Dataset: X-Atlas/Pisces
X-Atlas/Pisces is the largest CRISPRi Perturb-seq compendium to date, comprising 25.6 million perturbed single-cell transcriptomes across 7 biologically diverse contexts.
Screens
| Screen | Cell Type | Perturbations | Perturbed Cells | Median KD % |
|---|---|---|---|---|
| HCT116 | Colorectal cancer | 18,924 | 3.4M | 70% |
| HEK293T | Kidney epithelial | 18,312 | 4.5M | 48% |
| HepG2 | Hepatocellular carcinoma | 9,735 | 2.6M | 85% |
| iPSC | Induced pluripotent stem cells | 10,095 | 4.2M | 82% |
| Jurkat Resting | T lymphoblastic leukemia | 10,872 | 2.8M | 79% |
| Jurkat Active | CD3/CD28-stimulated T cells | 10,878 | 2.8M | 71% |
| iPSC Multi-Diff | Multi-lineage differentiation | 12,175 | 5.1M | 96% |
Data Access
Test perturbation sets (held-out genes from HepG2 and iPSC, plus full Jurkat Resting/Active screens) are available on HuggingFace:
Xaira-Therapeutics/X-Atlas-Pisces
Format
Data is provided as .h5ad files (AnnData format) with:
.X— log-normalized expression (log1p CP10k).obs["perturbation"]— gene target of CRISPRi knockdown.obs["is_control"]— boolean flag for non-targeting controls.var_names— ENSEMBL gene IDs
Context-Dependent Biology
A key finding from X-Atlas/Pisces is that perturbation effects are strongly context-dependent. Hierarchical clustering of perturbation effect profiles (F1 scores from a per-perturbation binary classifier) reveals three classes:
- Context-independent: core essential machinery (e.g., mitochondrial ribosome subunits, oxidative phosphorylation) — enriched in shared metabolic functions
- Context-specific: lineage-defining regulators — enriched in cell-type-specific pathways (e.g., hypoxia response in HepG2, neural crest differentiation in iPSC)

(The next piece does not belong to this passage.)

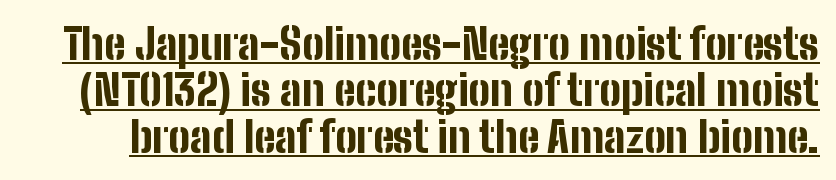
{"serif": "no", "italic": "no", "bold": "yes", "weight": "bold", "width": "condensed", "stroke_contrast": "low", "x_height": "medium", "monospaced": "no", "underline": "yes", "line_spacing": "tight", "line_spacing_ratio": 1.08, "letter_spacing": "normal", "letter_spacing_em": 0.0, "glyph_px": 43}

- Conserved proximal / variable distal: perturbations where the direct consequence is consistent but downstream cascades diverge by context
This context-dependence motivates X-Cell's cross-attention architecture, which conditions predictions on multi-modal biological priors rather than learning context-invariant representations.